▽

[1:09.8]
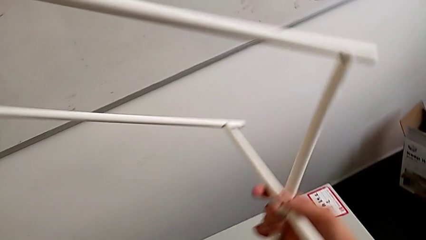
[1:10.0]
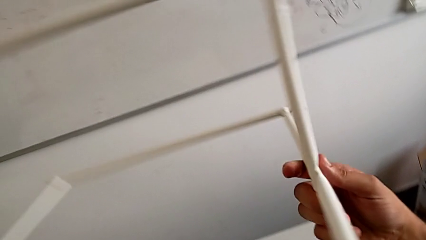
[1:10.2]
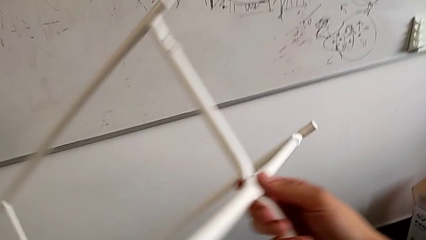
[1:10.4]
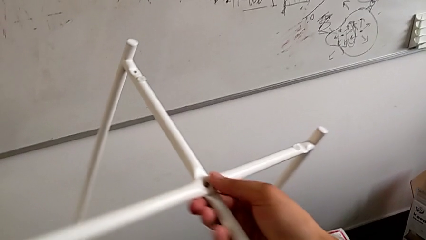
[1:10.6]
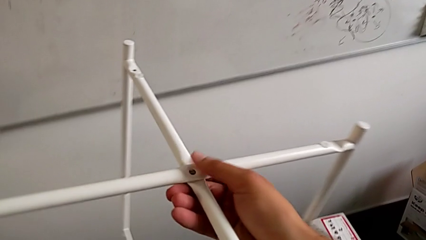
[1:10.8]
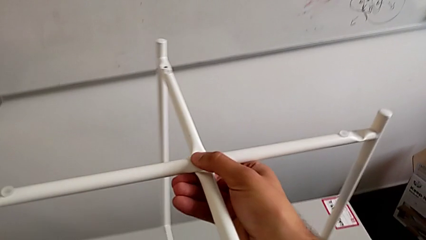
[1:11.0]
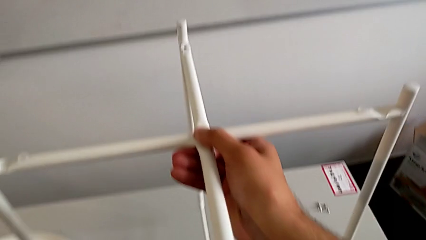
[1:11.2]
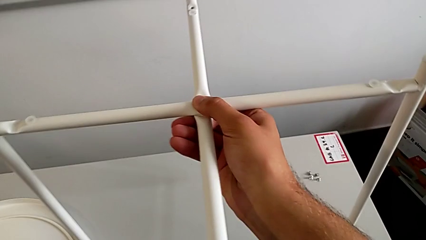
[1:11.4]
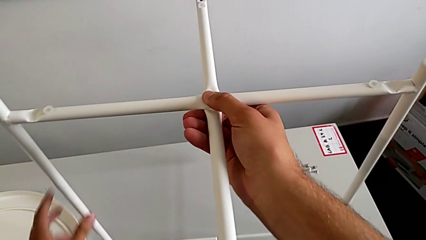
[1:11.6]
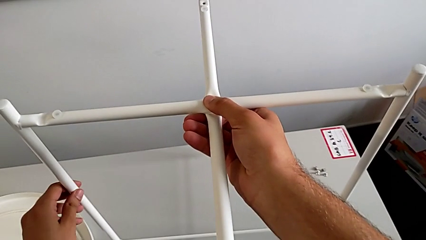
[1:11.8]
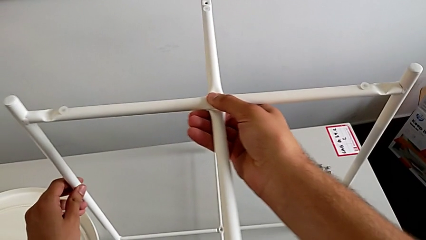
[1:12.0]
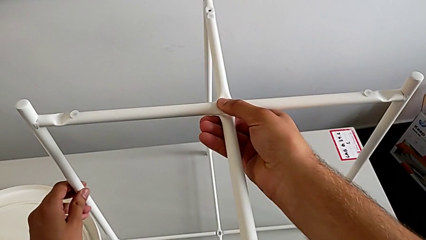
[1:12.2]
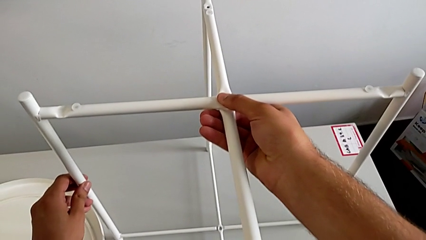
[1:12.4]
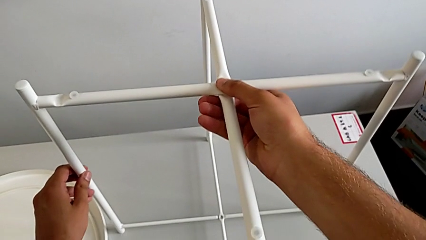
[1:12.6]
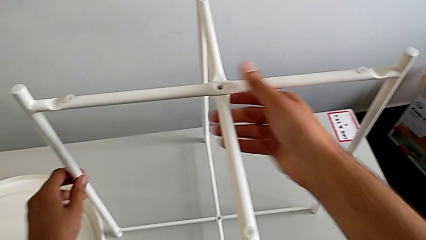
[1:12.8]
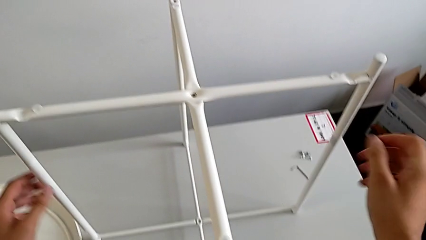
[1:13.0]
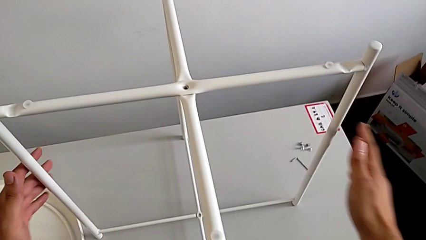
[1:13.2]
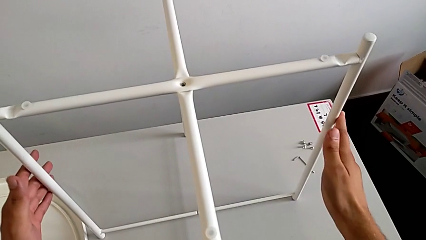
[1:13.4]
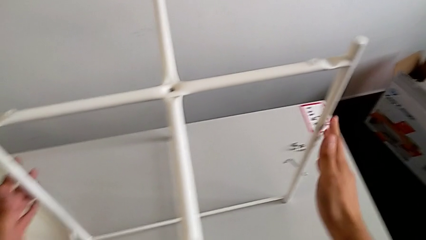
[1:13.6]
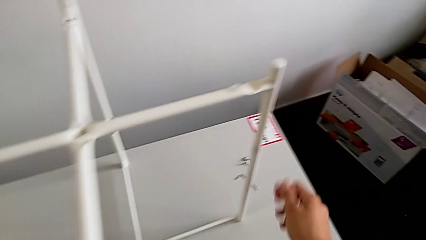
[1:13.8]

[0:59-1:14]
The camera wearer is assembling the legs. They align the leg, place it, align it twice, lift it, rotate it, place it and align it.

△

» **Assigned task**
Leave out every picture and transcribe the remaining entries exactly.

» **Your response**
[1:09.8]
[1:10.0]
[1:10.2]
[1:10.4]
[1:10.6]
[1:10.8]
[1:11.0]
[1:11.2]
[1:11.4]
[1:11.6]
[1:11.8]
[1:12.0]
[1:12.2]
[1:12.4]
[1:12.6]
[1:12.8]
[1:13.0]
[1:13.2]
[1:13.4]
[1:13.6]
[1:13.8]

[0:59-1:14]
The camera wearer is assembling the legs. They align the leg, place it, align it twice, lift it, rotate it, place it and align it.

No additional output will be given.